ACTIVITY> A single number is required: how many lines below include the string "outdoors".

--- STUDY MATERIAL Enclosed Below ---

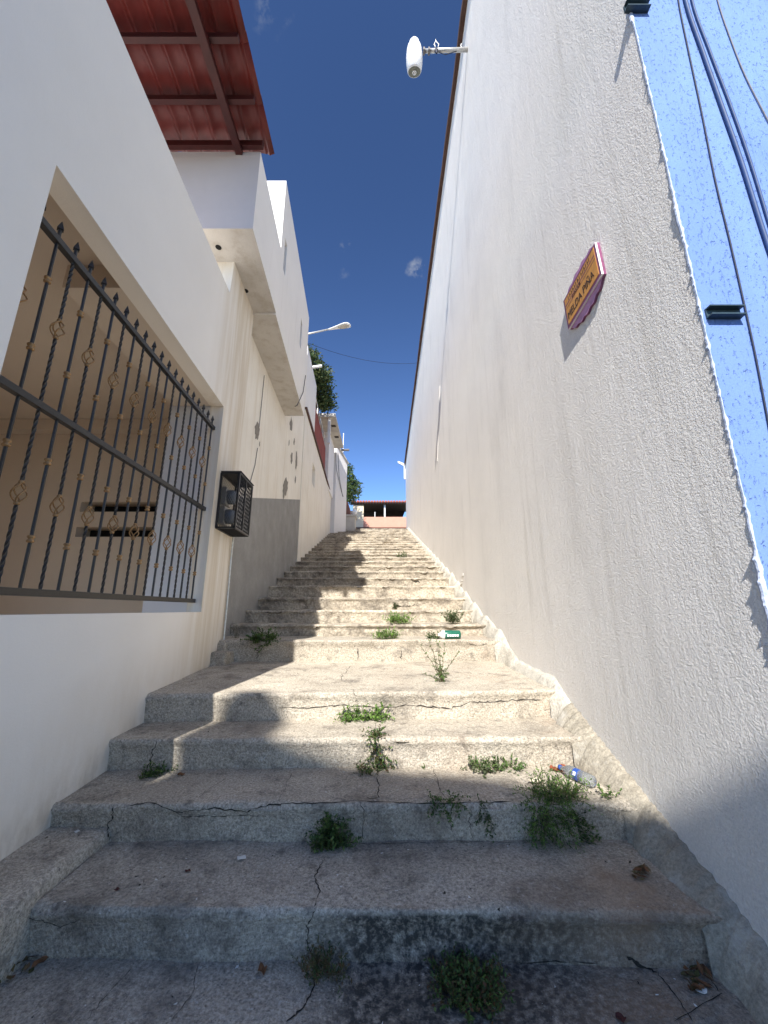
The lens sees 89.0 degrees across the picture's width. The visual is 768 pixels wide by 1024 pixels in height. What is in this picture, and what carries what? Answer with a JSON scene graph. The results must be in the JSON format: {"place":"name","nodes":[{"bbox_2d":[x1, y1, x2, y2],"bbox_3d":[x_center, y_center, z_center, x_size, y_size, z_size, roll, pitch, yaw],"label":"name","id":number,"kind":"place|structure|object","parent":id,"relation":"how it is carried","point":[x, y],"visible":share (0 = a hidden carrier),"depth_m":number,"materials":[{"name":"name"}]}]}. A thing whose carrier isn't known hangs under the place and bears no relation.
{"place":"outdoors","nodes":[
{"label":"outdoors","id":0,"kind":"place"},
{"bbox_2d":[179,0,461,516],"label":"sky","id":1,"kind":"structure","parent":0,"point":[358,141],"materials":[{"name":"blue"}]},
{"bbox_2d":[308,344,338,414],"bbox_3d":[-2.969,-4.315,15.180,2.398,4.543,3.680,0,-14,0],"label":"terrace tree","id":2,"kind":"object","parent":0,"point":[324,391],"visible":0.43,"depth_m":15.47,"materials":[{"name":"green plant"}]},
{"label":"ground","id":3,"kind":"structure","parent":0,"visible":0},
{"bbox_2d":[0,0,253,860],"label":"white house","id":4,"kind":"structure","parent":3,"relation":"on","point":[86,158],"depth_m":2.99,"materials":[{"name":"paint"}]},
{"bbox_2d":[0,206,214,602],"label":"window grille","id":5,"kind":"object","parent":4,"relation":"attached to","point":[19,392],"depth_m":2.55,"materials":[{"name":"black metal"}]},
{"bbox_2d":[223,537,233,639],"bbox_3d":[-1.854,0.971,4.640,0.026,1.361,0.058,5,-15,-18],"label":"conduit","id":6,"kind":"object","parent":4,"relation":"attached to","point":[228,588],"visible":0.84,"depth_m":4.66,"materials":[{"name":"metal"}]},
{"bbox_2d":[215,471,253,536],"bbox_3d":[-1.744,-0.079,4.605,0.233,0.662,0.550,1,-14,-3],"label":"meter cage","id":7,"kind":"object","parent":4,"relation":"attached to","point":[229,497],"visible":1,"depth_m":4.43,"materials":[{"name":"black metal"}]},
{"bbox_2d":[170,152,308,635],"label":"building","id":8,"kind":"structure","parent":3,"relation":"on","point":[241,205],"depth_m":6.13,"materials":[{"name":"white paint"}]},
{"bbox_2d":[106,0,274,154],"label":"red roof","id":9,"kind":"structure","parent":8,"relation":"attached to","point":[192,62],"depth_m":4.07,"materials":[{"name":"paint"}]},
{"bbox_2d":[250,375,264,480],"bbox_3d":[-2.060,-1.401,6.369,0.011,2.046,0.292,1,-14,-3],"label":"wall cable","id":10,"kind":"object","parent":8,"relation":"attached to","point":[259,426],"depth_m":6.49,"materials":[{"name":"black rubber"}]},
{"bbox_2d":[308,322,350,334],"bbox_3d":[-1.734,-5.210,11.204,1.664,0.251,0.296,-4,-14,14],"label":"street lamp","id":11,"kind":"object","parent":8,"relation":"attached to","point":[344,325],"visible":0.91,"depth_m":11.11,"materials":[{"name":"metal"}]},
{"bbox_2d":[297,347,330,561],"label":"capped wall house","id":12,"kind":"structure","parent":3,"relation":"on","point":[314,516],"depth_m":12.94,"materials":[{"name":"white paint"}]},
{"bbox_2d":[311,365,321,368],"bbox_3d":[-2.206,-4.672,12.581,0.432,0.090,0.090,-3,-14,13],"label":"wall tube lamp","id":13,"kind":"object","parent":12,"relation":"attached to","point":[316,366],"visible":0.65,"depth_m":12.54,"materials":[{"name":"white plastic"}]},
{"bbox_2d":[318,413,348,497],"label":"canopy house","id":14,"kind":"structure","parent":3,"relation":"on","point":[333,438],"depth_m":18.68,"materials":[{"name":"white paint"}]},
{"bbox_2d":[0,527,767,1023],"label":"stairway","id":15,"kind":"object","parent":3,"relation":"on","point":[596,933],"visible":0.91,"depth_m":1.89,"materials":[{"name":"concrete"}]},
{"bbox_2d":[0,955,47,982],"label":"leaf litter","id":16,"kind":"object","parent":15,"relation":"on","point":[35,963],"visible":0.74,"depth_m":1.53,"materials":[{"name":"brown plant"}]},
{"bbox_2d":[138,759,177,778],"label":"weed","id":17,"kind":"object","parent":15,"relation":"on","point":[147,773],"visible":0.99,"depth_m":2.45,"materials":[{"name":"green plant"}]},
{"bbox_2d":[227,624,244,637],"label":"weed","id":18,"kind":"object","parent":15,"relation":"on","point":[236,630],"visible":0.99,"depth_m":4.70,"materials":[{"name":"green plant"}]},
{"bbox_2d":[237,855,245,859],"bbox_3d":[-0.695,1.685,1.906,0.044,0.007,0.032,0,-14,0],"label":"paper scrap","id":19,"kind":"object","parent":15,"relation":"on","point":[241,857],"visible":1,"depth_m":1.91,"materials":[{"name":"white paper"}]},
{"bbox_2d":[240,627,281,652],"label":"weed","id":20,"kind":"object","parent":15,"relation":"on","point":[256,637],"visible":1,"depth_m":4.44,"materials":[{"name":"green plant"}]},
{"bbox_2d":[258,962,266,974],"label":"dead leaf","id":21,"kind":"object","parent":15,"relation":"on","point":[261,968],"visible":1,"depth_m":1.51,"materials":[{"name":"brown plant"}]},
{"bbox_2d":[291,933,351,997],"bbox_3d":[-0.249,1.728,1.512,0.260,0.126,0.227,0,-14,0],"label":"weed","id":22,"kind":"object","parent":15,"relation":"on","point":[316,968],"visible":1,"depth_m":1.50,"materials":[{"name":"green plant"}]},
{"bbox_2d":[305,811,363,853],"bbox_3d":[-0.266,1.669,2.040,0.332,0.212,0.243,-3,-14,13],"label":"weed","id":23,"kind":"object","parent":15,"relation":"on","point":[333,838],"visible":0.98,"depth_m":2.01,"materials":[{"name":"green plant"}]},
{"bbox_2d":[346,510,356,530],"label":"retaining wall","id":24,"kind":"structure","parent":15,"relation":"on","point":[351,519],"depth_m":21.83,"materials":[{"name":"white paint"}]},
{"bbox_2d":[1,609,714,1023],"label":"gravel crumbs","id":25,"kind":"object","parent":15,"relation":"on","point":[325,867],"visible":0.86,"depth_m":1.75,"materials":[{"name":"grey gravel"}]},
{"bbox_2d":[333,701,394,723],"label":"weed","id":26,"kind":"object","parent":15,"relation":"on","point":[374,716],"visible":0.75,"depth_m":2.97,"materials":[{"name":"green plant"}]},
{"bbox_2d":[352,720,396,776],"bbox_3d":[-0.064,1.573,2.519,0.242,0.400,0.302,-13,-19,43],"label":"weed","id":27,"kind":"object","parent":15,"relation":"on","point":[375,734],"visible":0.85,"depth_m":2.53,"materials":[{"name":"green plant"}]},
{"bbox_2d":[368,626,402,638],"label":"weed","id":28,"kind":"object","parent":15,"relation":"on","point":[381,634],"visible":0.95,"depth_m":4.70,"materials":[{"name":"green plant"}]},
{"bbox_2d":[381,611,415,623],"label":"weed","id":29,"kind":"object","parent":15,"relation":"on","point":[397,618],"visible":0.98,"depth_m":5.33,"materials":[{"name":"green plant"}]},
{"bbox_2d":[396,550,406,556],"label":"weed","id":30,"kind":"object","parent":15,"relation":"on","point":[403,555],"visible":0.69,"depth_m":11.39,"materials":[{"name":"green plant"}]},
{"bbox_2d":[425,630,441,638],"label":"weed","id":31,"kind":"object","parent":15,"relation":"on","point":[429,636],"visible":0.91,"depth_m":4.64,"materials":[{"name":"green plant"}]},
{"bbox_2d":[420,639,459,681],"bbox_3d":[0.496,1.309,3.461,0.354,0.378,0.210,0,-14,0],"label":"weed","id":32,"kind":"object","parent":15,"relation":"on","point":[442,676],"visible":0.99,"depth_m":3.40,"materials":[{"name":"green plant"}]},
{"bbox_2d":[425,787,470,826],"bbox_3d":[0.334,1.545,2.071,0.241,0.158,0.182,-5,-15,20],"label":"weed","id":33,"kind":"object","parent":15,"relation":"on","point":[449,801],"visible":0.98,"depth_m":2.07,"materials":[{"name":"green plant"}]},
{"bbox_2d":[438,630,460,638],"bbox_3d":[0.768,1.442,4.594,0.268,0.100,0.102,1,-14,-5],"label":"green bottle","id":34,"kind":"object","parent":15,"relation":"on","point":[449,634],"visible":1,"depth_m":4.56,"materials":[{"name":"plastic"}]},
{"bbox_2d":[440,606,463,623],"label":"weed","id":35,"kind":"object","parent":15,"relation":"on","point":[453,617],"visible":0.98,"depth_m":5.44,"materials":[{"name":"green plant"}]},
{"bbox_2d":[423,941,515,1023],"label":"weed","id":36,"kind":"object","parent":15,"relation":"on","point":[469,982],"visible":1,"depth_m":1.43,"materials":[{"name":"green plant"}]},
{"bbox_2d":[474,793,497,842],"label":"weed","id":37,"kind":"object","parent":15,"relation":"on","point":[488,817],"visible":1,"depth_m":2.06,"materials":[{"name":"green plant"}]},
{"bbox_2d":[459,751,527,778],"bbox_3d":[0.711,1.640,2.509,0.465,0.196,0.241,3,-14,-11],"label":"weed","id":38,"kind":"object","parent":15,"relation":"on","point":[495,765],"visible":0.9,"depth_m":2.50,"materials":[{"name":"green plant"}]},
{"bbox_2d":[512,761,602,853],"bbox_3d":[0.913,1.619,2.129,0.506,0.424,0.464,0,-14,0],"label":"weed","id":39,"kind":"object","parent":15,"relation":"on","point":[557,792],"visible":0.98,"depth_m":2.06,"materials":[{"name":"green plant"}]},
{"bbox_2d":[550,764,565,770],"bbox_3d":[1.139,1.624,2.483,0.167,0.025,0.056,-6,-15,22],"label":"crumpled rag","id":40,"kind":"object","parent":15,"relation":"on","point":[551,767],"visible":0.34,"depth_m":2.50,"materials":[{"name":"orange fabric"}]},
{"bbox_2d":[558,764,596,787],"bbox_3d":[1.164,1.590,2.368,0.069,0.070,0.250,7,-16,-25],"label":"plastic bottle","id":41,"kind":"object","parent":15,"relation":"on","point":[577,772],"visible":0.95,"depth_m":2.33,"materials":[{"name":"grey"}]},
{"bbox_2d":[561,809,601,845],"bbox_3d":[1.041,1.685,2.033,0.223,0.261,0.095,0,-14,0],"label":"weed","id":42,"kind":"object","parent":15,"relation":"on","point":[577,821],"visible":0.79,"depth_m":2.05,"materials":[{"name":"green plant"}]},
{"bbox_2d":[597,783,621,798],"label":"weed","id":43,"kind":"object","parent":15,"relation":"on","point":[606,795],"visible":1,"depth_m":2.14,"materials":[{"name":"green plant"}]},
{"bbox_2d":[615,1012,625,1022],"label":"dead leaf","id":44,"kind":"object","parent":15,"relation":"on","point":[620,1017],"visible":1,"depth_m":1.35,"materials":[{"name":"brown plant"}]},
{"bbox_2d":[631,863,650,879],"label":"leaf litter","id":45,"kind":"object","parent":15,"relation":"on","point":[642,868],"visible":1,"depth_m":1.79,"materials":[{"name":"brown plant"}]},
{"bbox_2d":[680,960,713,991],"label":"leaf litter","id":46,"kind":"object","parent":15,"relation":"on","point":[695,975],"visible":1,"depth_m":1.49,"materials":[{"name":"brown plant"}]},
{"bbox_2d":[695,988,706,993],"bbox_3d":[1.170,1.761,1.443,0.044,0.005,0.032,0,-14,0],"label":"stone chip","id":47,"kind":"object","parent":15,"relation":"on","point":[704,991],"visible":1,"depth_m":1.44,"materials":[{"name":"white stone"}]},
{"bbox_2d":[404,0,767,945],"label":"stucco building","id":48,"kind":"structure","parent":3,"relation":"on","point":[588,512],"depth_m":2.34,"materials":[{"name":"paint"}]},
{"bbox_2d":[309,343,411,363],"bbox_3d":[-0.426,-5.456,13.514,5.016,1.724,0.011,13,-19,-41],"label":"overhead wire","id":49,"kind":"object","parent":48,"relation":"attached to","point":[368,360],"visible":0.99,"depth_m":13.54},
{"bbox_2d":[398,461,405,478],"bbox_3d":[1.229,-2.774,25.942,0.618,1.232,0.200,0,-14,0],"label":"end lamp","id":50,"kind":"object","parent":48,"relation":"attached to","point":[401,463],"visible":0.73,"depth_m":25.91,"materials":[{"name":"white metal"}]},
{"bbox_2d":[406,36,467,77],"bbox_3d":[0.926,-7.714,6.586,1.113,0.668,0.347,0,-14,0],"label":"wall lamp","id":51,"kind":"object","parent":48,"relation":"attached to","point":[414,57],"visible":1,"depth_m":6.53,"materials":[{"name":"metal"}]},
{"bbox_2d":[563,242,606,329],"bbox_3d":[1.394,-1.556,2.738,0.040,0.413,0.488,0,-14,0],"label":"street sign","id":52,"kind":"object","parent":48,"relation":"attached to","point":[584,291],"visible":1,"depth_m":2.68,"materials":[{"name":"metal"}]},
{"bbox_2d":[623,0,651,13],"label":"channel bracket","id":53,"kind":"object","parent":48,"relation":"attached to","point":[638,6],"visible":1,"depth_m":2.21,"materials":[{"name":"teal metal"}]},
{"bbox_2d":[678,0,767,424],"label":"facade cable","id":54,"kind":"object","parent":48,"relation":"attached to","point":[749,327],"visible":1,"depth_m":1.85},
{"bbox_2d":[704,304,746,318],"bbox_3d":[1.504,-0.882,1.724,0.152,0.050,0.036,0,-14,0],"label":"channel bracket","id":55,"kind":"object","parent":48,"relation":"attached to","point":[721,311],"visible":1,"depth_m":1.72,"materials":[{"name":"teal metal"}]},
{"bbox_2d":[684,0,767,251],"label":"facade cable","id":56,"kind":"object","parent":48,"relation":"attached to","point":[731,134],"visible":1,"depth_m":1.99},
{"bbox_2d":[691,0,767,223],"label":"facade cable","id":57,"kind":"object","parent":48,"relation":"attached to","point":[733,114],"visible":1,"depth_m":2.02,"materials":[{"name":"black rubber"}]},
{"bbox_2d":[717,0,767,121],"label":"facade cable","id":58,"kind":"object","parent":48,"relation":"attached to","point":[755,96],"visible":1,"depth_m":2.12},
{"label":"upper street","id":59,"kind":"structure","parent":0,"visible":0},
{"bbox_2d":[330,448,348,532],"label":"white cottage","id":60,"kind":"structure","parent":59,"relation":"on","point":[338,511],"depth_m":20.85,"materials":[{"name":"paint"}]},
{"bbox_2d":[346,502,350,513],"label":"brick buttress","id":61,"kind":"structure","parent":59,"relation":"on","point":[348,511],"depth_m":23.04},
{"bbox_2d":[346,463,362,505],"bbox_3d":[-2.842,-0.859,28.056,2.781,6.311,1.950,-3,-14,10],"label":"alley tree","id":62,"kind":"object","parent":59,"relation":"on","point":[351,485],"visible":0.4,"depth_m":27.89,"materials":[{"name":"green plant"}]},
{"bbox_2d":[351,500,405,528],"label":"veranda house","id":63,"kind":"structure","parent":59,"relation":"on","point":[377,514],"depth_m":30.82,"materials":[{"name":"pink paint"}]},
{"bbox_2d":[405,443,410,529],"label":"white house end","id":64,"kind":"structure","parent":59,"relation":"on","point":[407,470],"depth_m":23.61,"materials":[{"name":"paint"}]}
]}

--- End of Enclosed STUDY MATERIAL ---

YOUR SOLUTION> 2